Methods

DATA GENERATION

This project aims to evaluate the urban factors that may influence biodiversity visitation rates in Edmonton by extracting data from the WildEdmonton program monitoring network. After filtering images using human interpreters and artificial intelligence algorithms, only wildlife images were saved and recorded in a spreadsheet. To avoid duplication, a modified version of the CamTrapR code was applied to the data, resulting in a comprehensive list of species and their corresponding frequencies recorded by each remote camera. Then, urban factors of interest were extracted using the geographic coordinates of the cameras and combined with the biodiversity data to create a final table used in this research project (Figure 5).

Figure 5. Methods Flow Diagram

This figure depicts the data frame generation process utilized for this research project. The initial raw data was collected in the form of pictures captured by 90 remote cameras strategically positioned throughout the City of Edmonton. By utilizing the geographic locations of these cameras, the urban factors (GIS variables) were extracted.

STUDY AREA

Figure 6. Edmonton Landscape

View of the North Saskatchewan River in Edmonton during the Fall Season. 

Source: Ⓒ Oscar Baron-Ruiz


Edmonton Landscape


The study is conducted in the landscape of Edmonton, Alberta, Canada (Figure 6), which encompasses an abundance of natural wonders. Among them are the biggest urban park in Canada, a vast river valley that comprises the North Saskatchewan river, and various ravine systems. In this metropolitan area, the natural protected zone is estimated to cover 44 km², which constitutes nearly 6% of the city's total area (~700 km²). Edmonton boasts a remarkable biodiversity, with 50 mammal species, 150 avian species, 30 fish species, and 500 varieties of vegetation identified within its limits (City of Edmonton, 2009).


Monitoring Sites


The WildEdmonton Program initially had a monitoring network consisting of 122 remote cameras, but not all of these cameras were used in the present analysis. Some cameras were excluded due to theft or vandalism shortly after deployment. Additionally, only sites that were at least 1 kilometre apart were selected to minimize spatial autocorrelation, which can exceed the home range size of many urban species (Stevenson, 2022). Another criterion was applied to select monitoring sites, with a minimum monitoring period of 30 days required for further calculations of visitation rates and standardization of diversity data.

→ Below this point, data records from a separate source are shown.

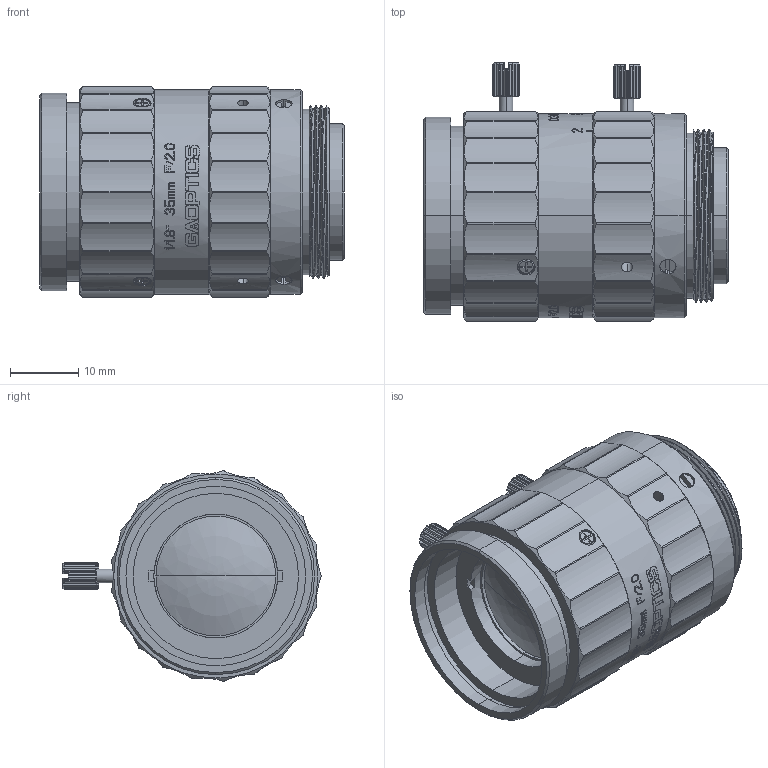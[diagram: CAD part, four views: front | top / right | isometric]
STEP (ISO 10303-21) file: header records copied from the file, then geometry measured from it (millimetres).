
FILE_DESCRIPTION (( 'STEP AP203' ), '1' );
FILE_NAME ('600041.STEP', '2021-08-06T07:23:34', ( '' ), ( '' ), 'SwSTEP 2.0', 'SolidWorks 2020', '' );
FILE_SCHEMA (( 'CONFIG_CONTROL_DESIGN' ));
Products named in the file (1): 600041
Bounding box: 44.79 x 38 x 30.91 mm (x, y, z)
Volume: 24567.4 mm3; surface area: 11267.9 mm2
Topology: 1 solids, 8 shells, 1690 faces, 4757 edges, 3179 vertices
Faces by surface type: bspline 762, plane 576, cylinder 321, cone 31
Entity records: 77544 total; most frequent: CARTESIAN_POINT 40075, ORIENTED_EDGE 9506, DIRECTION 4851, EDGE_CURVE 4753, VERTEX_POINT 3179, B_SPLINE_CURVE_WITH_KNOTS 2288, VECTOR 1917, LINE 1917

The final number of monitoring sites included in this research was 90, which are mapped in Figure 7. 

Figure 7. Study Area map a

Spatial distribution of 90 sites of wildlife monitoring in the City of Edmonton. 

URBAN FACTORS

The research objective includes four urban factors (Figure 8): the road network, trails surrounding the city, various types of water bodies, and land cover updated to 2021. These factors are described as follows:

Figure 8. Urban factors

Maps of urban factors included in this study: the road network (a), trails surrounding the city (b), various types of water bodies (c), and land cover updated to 2021 (d). The percentages enclosed in brackets indicate the proportional representation of each attribute concerning the overall area or length occupied by the respective urban factor. 

Source: Adapted from the City of Edmonton open data portal [https://data.edmonton.ca/].

STATISTICAL ANALYSIS

For the first research question, gradient analysis was applied to establish associations between two data sets, namely urban factors and wildlife visitation rates. In this case, the biological response was explained by the urban factors gradient. The direct approach gradient was utilized, which involves ordinating the predictor variable (urban factors) first and then examining how the response variables (wildlife visits per day) are associated with that ordination. This approach allows for the exploration of the relationship between urbanization and biodiversity and provides insights into how the environment is affected by urbanization. 


The second research question was addressed using the multivariate regression tree (MRT) approach to investigate the association between multiple predictor variables (urban features) and multiple response variables (visitation rates of different species). This method identifies groups of similar observations, but differentiates these groups by imposing the predictor variables as a constraint to create clusters. For instance, a threshold for the distance from the city centre and the nearest trail (as predictor variables) can be estimated, which is then utilized to distinguish the frequency of the most commonly identified mammal species (as response variables). The analysis is carried out to determine whether these species are more or less detected depending on their distance from the threshold. These predicted thresholds will serve as baseline values to support future strategies for biodiversity protection and urban planning. 

a The location of the monitoring sites in Figure 7 has been visually exaggerated, and the geographic coordinates and site names are not included in Table 1 (Data frame) due to data management policies implemented by the City of Edmonton to safeguard biodiversity.